-- Exercise data follows --

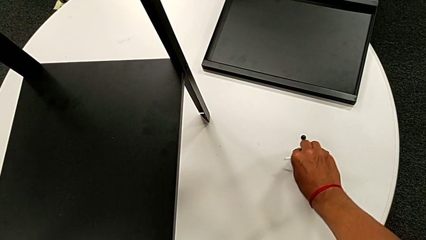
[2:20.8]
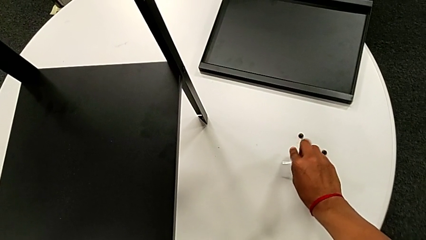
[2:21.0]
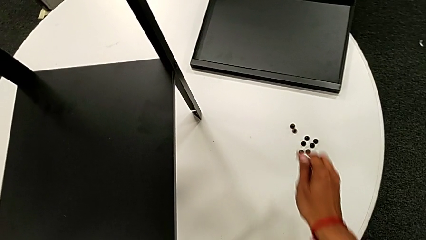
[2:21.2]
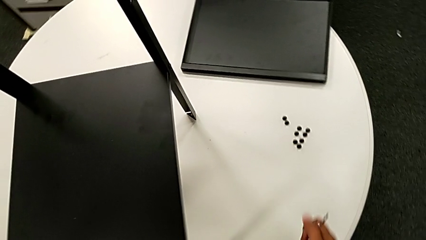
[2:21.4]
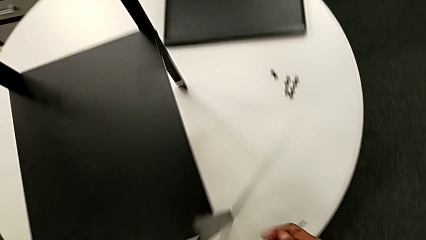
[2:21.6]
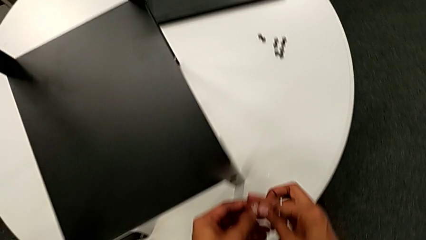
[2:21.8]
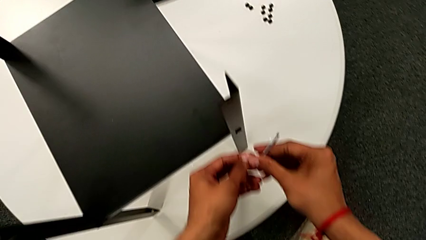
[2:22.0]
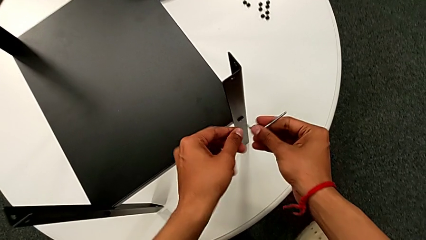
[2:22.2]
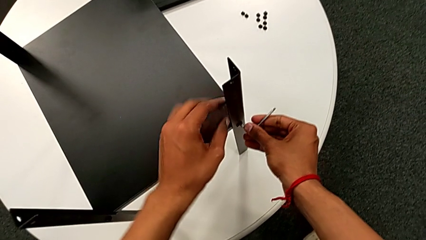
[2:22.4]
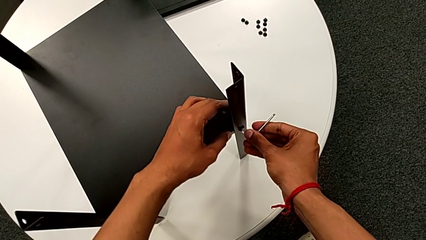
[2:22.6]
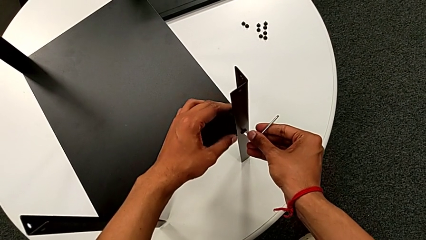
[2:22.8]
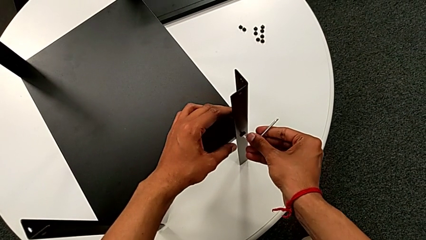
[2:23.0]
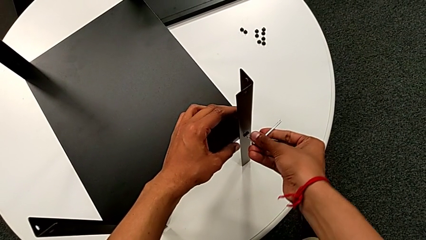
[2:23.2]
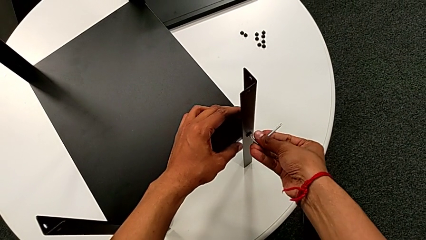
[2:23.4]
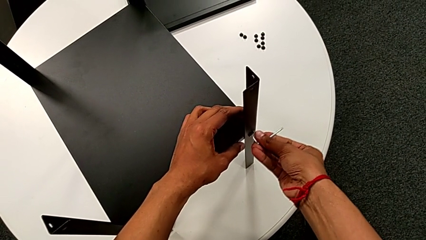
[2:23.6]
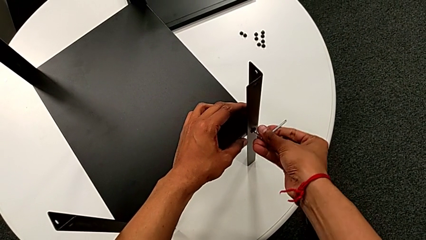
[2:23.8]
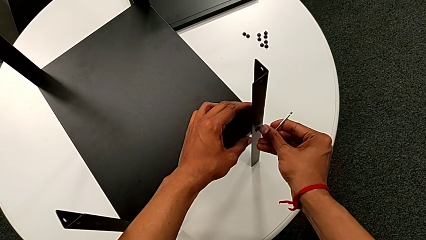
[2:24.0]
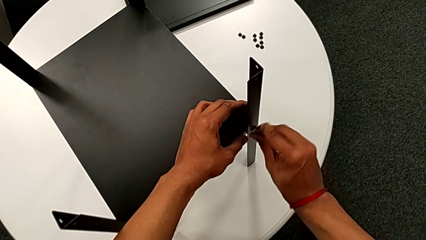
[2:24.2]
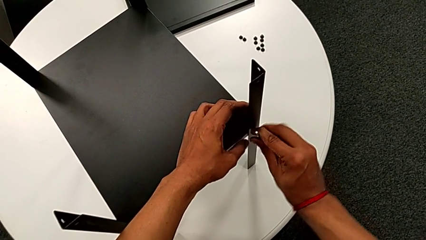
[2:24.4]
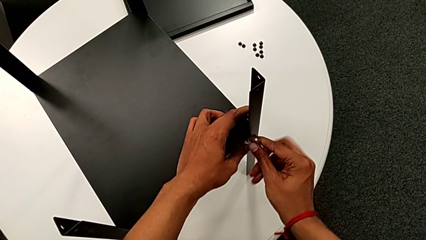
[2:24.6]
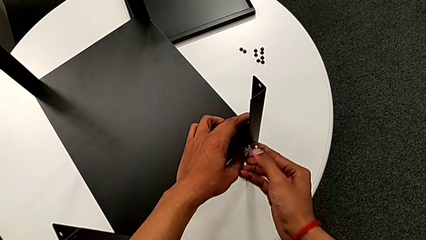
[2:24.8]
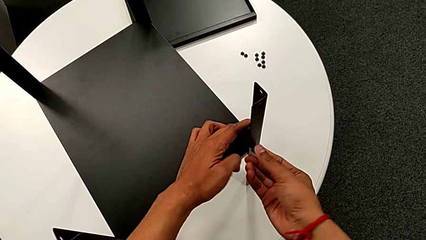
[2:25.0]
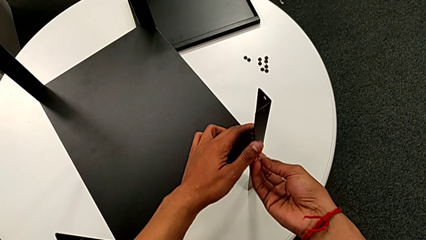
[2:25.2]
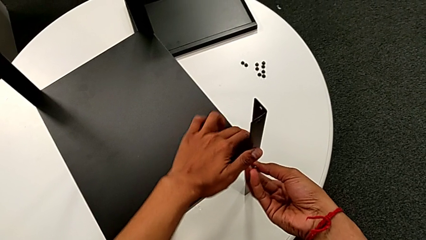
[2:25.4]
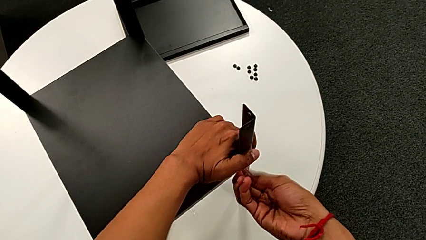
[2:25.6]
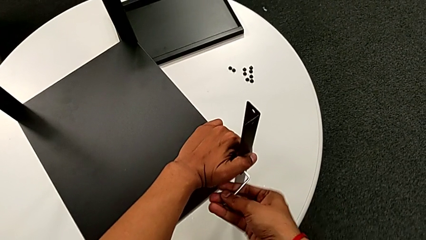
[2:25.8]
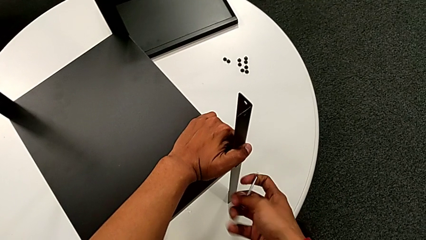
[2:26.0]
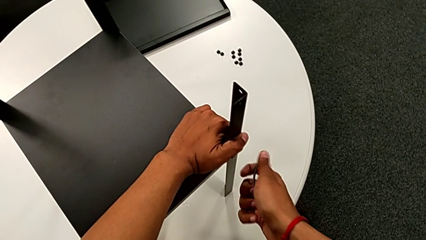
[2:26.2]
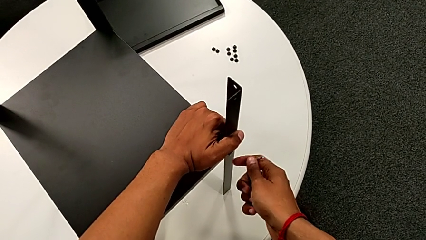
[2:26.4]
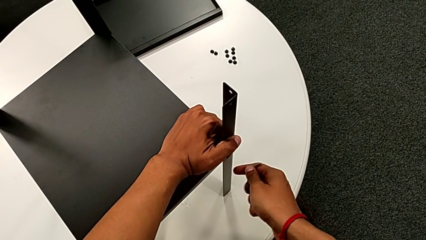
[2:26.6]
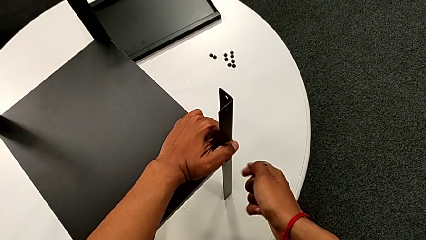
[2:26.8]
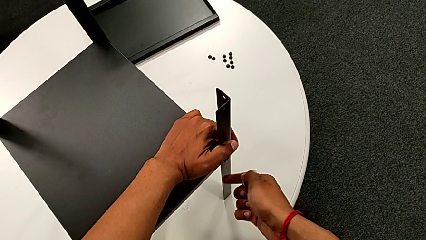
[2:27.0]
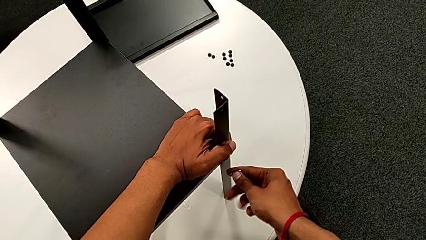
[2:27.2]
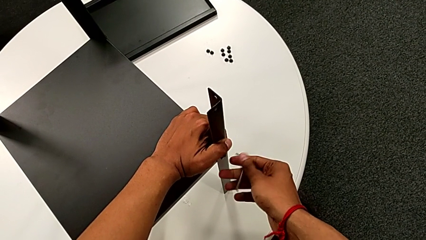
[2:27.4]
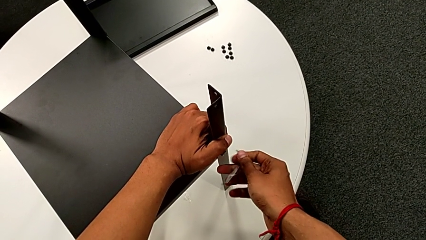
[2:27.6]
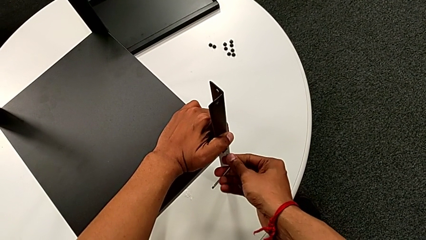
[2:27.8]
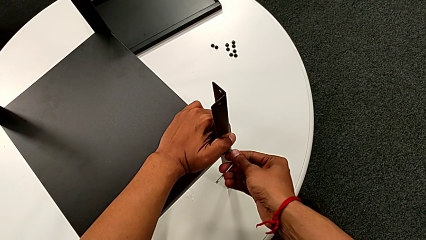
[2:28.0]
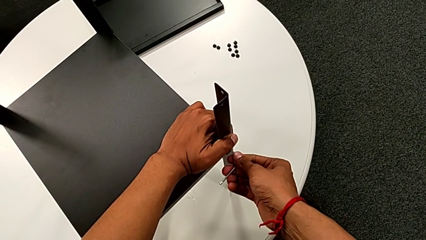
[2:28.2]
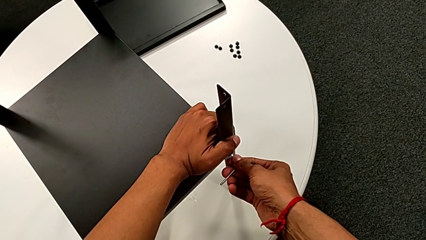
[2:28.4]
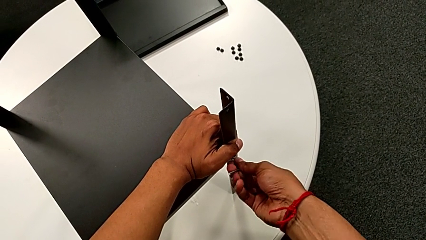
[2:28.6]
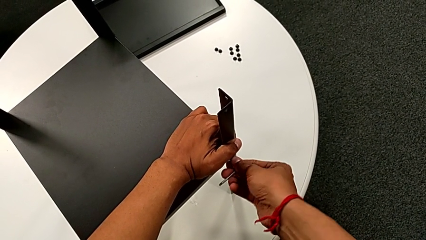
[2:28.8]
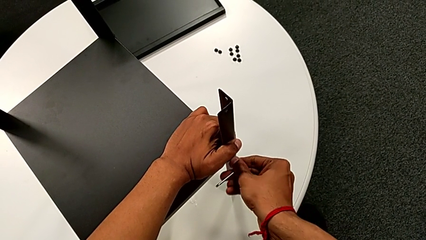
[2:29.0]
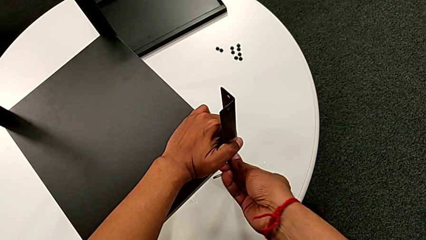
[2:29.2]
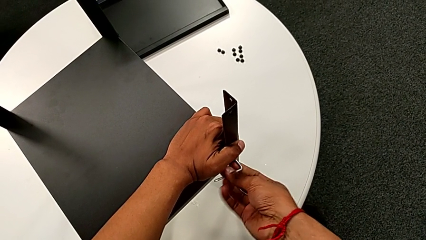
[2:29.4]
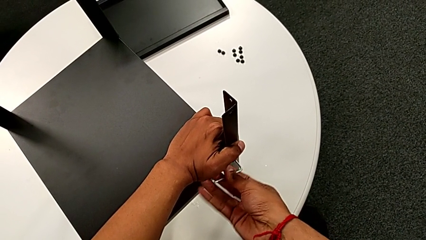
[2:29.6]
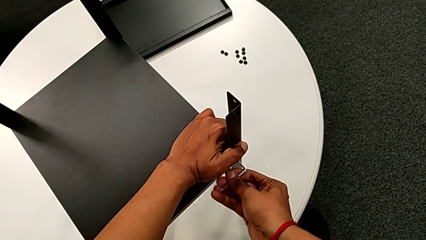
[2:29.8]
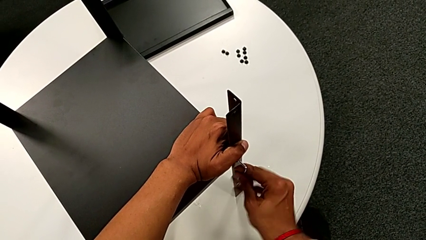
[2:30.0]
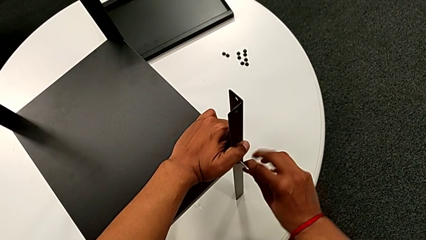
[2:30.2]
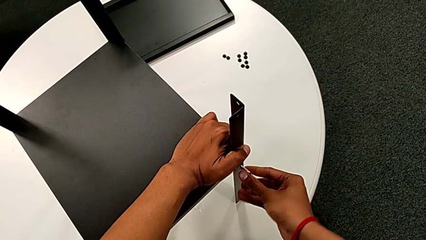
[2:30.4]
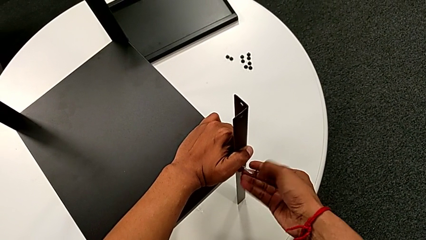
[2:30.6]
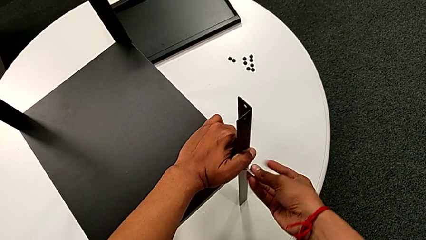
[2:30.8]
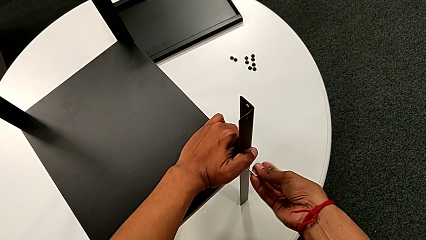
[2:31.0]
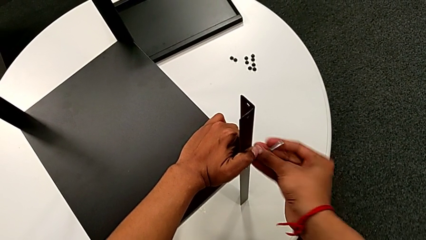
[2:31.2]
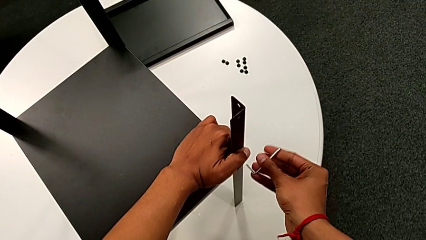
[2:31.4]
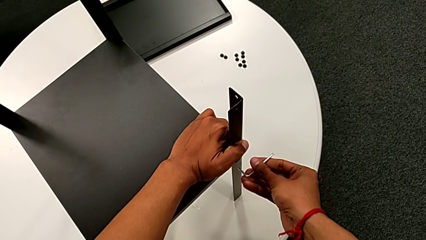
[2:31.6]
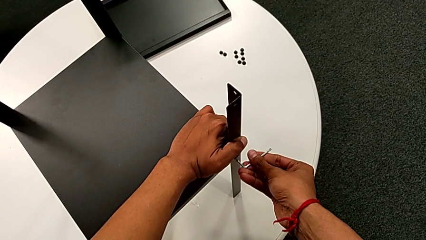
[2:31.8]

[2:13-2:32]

-- Exercise data concluded --

**Exercise objective:**
Print each record exactly as it stands, leaving the images out.

**Answer box:**
[2:20.8]
[2:21.0]
[2:21.2]
[2:21.4]
[2:21.6]
[2:21.8]
[2:22.0]
[2:22.2]
[2:22.4]
[2:22.6]
[2:22.8]
[2:23.0]
[2:23.2]
[2:23.4]
[2:23.6]
[2:23.8]
[2:24.0]
[2:24.2]
[2:24.4]
[2:24.6]
[2:24.8]
[2:25.0]
[2:25.2]
[2:25.4]
[2:25.6]
[2:25.8]
[2:26.0]
[2:26.2]
[2:26.4]
[2:26.6]
[2:26.8]
[2:27.0]
[2:27.2]
[2:27.4]
[2:27.6]
[2:27.8]
[2:28.0]
[2:28.2]
[2:28.4]
[2:28.6]
[2:28.8]
[2:29.0]
[2:29.2]
[2:29.4]
[2:29.6]
[2:29.8]
[2:30.0]
[2:30.2]
[2:30.4]
[2:30.6]
[2:30.8]
[2:31.0]
[2:31.2]
[2:31.4]
[2:31.6]
[2:31.8]

[2:13-2:32]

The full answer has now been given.